Your answer must be an exact copy of the records below, with no pictures in it.

(Data records)
◇ ◇ ◇ ◇ ◇
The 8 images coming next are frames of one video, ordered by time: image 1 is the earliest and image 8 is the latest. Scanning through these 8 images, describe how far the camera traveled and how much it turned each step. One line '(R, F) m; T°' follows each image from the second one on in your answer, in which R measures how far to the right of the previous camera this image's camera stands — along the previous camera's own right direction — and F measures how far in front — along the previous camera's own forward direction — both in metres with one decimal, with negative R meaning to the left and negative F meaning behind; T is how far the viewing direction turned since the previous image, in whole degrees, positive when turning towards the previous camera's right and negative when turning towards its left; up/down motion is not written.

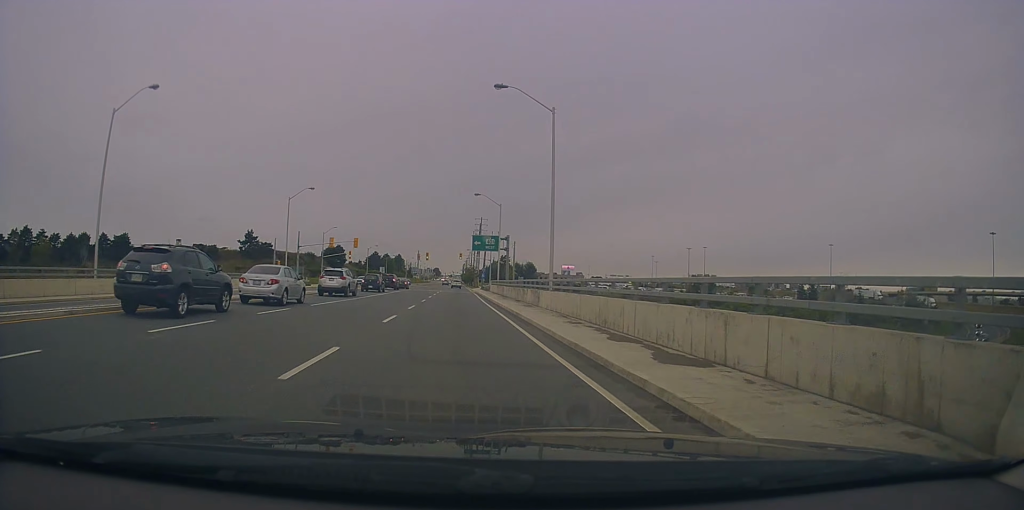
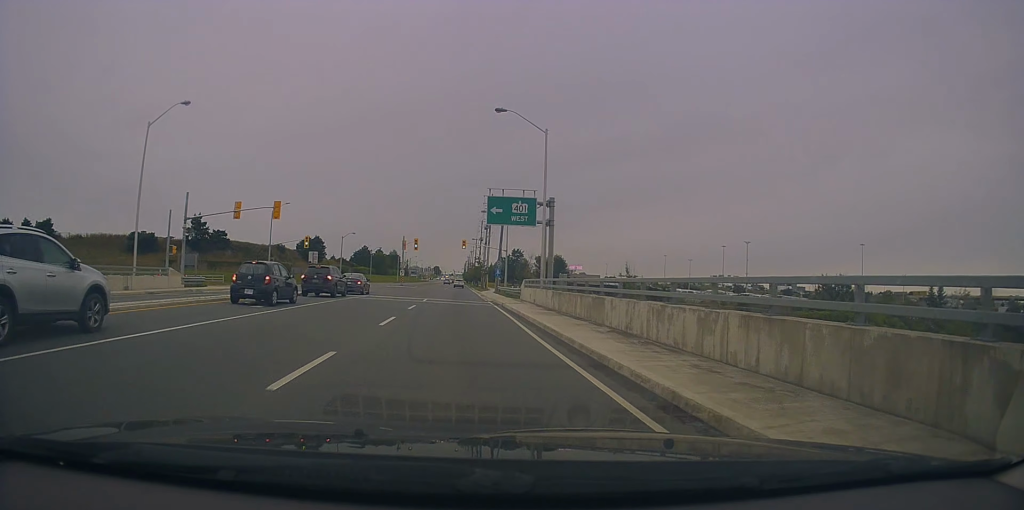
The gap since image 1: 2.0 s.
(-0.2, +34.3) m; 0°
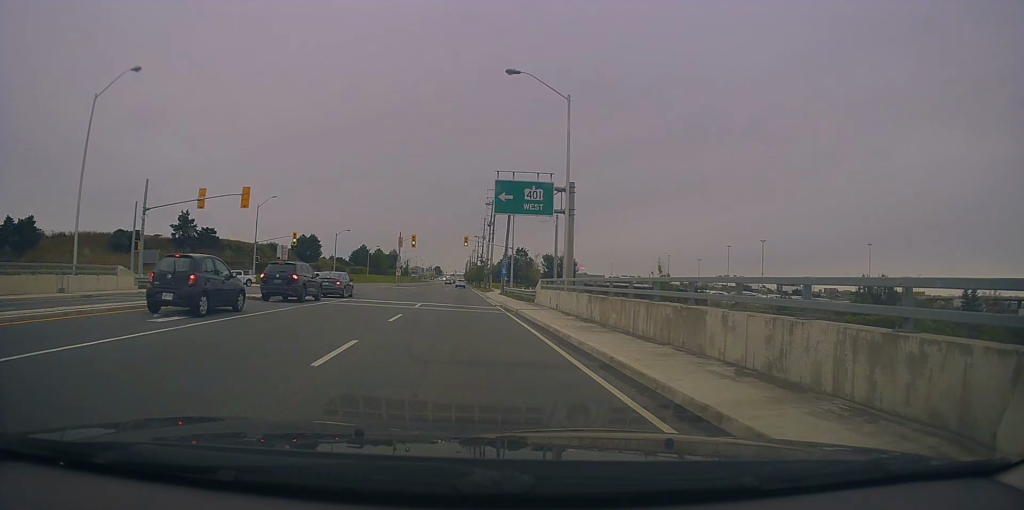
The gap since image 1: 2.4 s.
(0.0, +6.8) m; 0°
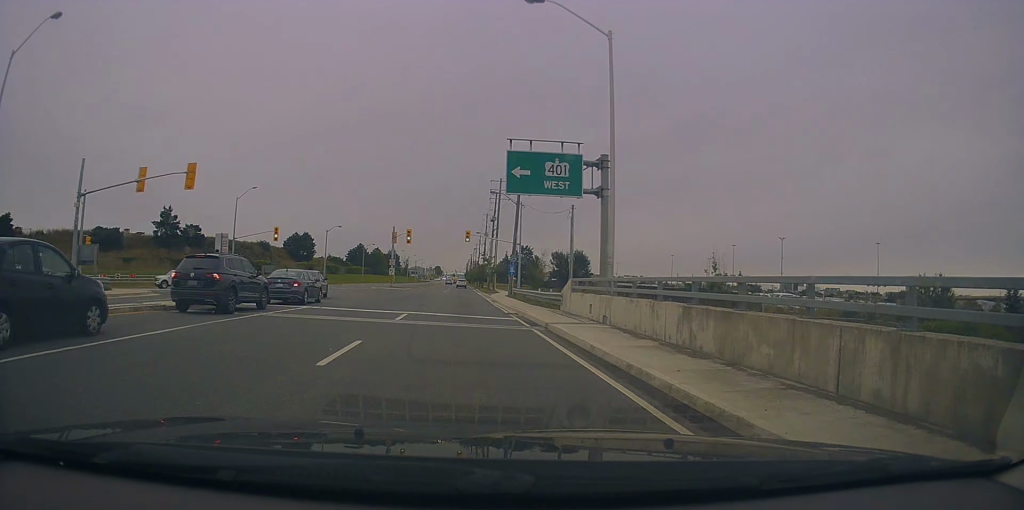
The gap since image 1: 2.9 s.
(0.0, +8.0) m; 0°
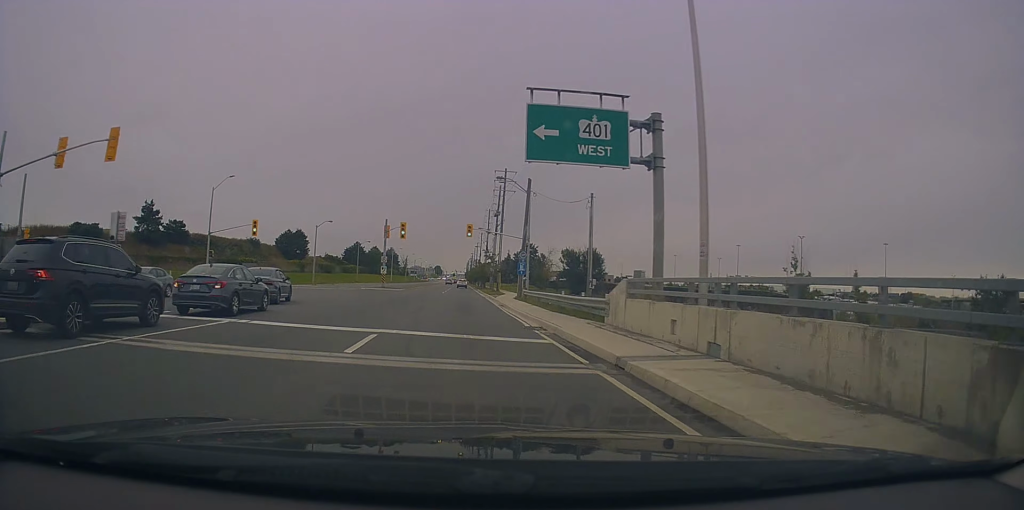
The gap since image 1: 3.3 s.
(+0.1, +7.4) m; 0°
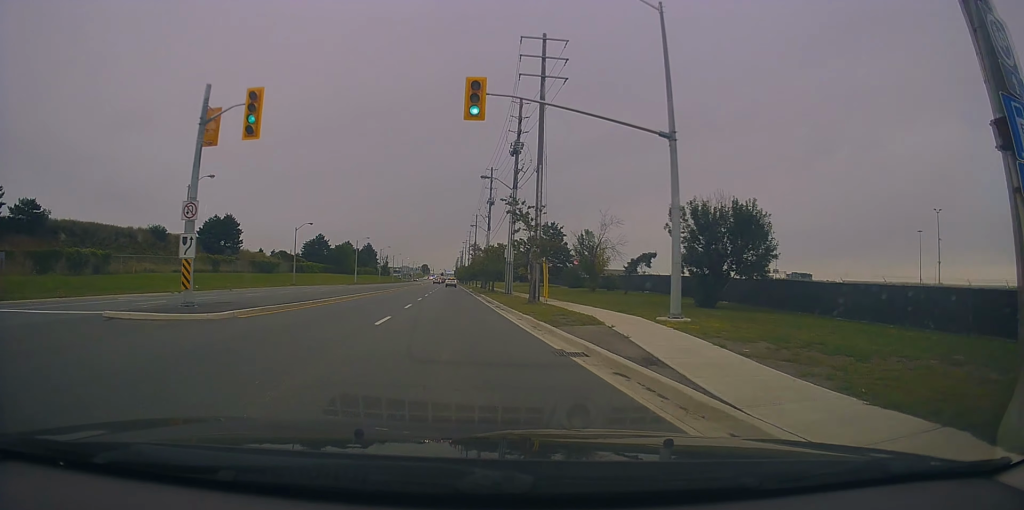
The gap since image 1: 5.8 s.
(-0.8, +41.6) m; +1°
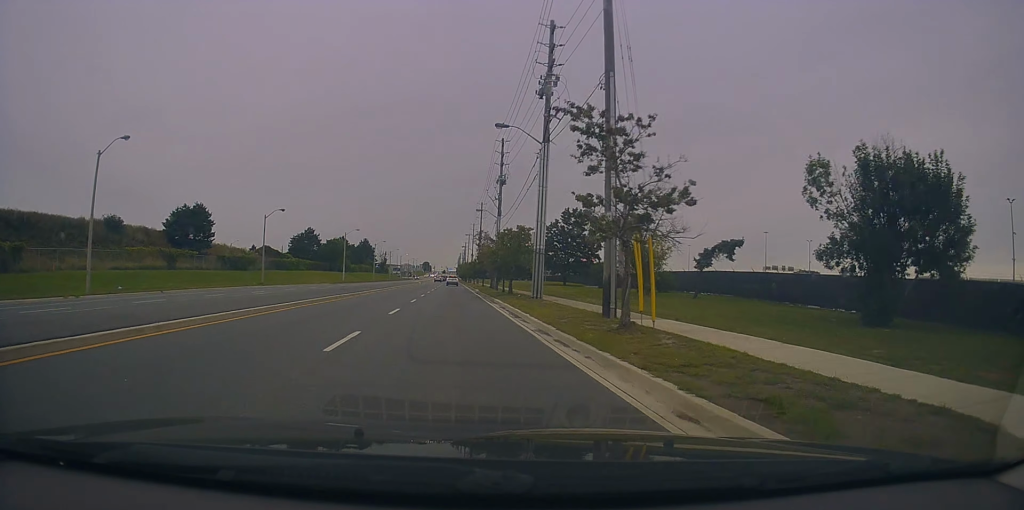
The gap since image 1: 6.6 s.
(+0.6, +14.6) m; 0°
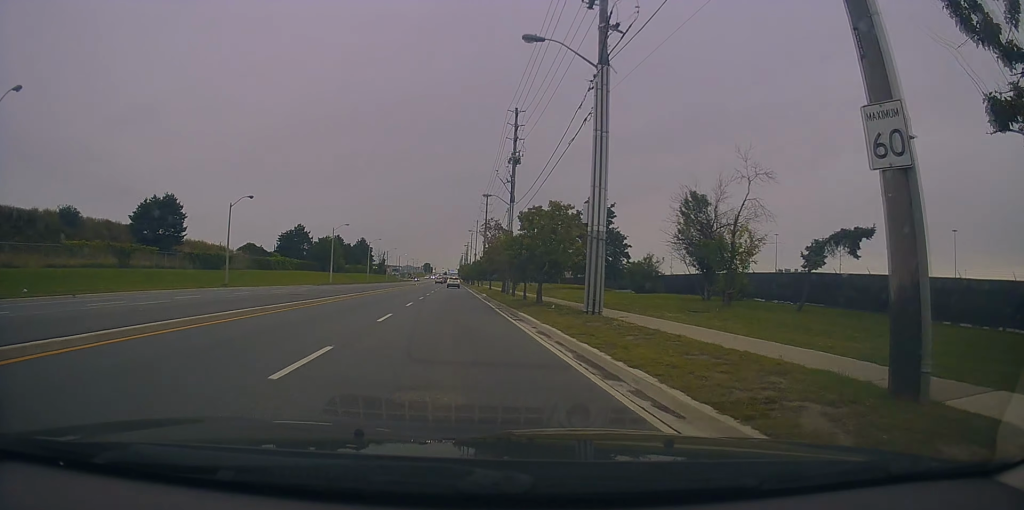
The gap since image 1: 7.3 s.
◇ ◇ ◇ ◇ ◇
→ Task output:
The 8 images coming next are frames of one video, ordered by time: image 1 is the earliest and image 8 is the latest. Scanning through these 8 images, describe how far the camera traveled and how much it turned each step. One line '(R, F) m; T°' follows each image from the second one on in your answer, in which R measures how far to the right of the previous camera this image's camera stands — along the previous camera's own right direction — and F measures how far in front — along the previous camera's own forward direction — both in metres with one decimal, with negative R meaning to the left and negative F meaning behind; T is how far the viewing direction turned since the previous image, in whole degrees, positive when turning towards the previous camera's right and negative when turning towards its left; up/down motion is not written.

The gap since image 1: 2.0 s.
(-0.2, +34.3) m; 0°
The gap since image 1: 2.4 s.
(0.0, +6.8) m; 0°
The gap since image 1: 2.9 s.
(0.0, +8.0) m; 0°
The gap since image 1: 3.3 s.
(+0.1, +7.4) m; 0°
The gap since image 1: 5.8 s.
(-0.8, +41.6) m; +1°
The gap since image 1: 6.6 s.
(+0.6, +14.6) m; 0°
The gap since image 1: 7.3 s.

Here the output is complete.